Mais l'idée de Nathalie en starlette italienne le remplit d'un sentiment de fierté incoercible: elle était plus belle qu'une starlette italienne et elle avait tout ce que n'ont pas généralement les starlettes italiennes.

L'appartement était le même, en plus féminin. Un énorme ours en peluche, cadeau d'un photographe à Éloï'se, hérissa Gilles une seconde mais il s'en détourna aussitôt. Il s'en moquait. Il se sentait parfaitement étranger chez lui. Il se posa dans un fauteuil, espérant que Jean et Éloï'se en feraient autant et qu'il pourrait gagner comme distraitement la chambre et donc le téléphone. Mais déjà Éloï'se, en femme d'ordre, traînait la valise dans la chambre et ouvrait bruyamment la penderie. Il se sentait exaspéré et n'écoutait pas Jean qui finit par s'en apercevoir et s'arrêta de parler, l'air interrogateur.
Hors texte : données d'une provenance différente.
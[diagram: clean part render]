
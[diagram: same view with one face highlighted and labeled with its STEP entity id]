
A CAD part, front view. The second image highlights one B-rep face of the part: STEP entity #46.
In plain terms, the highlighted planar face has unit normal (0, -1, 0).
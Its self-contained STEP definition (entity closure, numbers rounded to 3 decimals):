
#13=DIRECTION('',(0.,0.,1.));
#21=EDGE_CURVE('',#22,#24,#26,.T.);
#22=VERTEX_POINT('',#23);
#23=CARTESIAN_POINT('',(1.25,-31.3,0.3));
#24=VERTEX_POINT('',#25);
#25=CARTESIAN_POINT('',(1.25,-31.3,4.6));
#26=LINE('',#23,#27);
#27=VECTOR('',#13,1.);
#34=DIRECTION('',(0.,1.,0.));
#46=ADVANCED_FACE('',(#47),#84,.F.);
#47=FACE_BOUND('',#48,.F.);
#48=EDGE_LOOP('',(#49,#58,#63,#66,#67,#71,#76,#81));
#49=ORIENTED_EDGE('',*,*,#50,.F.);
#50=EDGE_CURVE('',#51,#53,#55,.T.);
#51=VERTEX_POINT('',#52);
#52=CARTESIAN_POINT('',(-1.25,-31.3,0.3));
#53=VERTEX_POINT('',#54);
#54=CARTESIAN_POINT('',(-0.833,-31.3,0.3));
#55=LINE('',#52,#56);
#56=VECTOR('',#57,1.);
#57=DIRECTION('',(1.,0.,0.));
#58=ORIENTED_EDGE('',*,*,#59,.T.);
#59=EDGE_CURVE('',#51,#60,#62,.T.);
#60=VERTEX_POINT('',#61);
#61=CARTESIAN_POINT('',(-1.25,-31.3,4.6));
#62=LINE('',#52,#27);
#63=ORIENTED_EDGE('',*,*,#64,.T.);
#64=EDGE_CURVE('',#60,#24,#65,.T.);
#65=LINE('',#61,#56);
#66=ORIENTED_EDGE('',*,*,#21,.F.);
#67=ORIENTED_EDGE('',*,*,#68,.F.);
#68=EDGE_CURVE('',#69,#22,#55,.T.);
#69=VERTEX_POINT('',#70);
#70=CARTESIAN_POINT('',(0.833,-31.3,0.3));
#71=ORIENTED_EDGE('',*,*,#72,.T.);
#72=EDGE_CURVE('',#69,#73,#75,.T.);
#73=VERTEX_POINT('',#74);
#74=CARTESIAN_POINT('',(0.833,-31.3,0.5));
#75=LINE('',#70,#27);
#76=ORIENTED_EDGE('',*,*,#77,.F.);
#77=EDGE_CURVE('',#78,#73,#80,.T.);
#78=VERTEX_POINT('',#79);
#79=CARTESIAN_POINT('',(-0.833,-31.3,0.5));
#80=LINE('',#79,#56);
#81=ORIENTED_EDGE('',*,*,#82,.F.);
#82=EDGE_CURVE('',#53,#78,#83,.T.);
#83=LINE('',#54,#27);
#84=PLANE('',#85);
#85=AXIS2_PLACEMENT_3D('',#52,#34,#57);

Gilles se leva:

– Excuse-moi une seconde, mon vieux. J'ai promis d'appeler ma sœur en arrivant, elle est très mère poule, tu sais...

Il bafouillait. Jean se contenta de hocher la tête en souriant poliment. Gilles ne put s'empêcher de lui rendre son sourire et une bouffée d'affection pour son vieux complice revint. Il lui tapa sur la tête au passage et passa dans sa chambre, prit le téléphone d'un air naturel, s'assit sur le lit et consulta le Bottin. Il fallait une douzaine de chiffres pour téléphoner à Nathalie.

– Tu téléphones à cette heure-ci? s'enquit Éloïse en accrochant sa veste bleue sur un cintre.

– Ma sœur, dit-il laconique.

Il composa le numéro. S'il tombait sur le mari, il raccrocherait. Il y eut de longues sonneries puis toute proche, très réveillée, Nathalie. Il se rendit compte que sa main était moite contre le récepteur:

– Allô! dit-il, c'est moi. Je voulais te dire que j'étais bien arrivé. Je voulais juste savoir si toi aussi tu étais bien rentrée.

Il parlait très vite, d'un ton distrait. Il y eut un silence puis la voix troublée, un peu rauque de Nathalie:

– Je crois que c'est une erreur, dit-elle. Puis un instant après: – Mais vous ne m'avez pas dérangée du tout, monsieur, dit-elle presque tendrement et elle raccrocha.

Gilles resta immobile un instant, dit: «Je vous embrasse tous les deux» dans le récepteur muet à l'intention d'Éloïse et raccrocha. Il transpirait affreusement.

Ainsi son mari devait être là, près d'elle. Et elle n'avait rien pu lui dire. Mais qu'elle était maligne... et que ce «monsieur vous ne m'avez pas dérangée du tout» était drôle et attendrissant... Et elle était vivante, bien sûr. Et elle l'aimait. C'était étrange, ces nervosités qu'il avait de temps en temps... Il rentra en homme d'affaires dans le salon, léger, libéré, ne se souciant pas plus de Nathalie que d'Éloïse puisque rassuré à son sujet. Il ne pensa pas un instant que s'il était rassuré c'est qu'il avait eu à l'être.

 

– Nous revoilà comme avant, dit la voix d'Éloïse dans le noir. Je savais que toi et moi, ça durerait longtemps, très longtemps.

Gilles ne répondit pas, se retourna dans le lit, furieux contre lui-même.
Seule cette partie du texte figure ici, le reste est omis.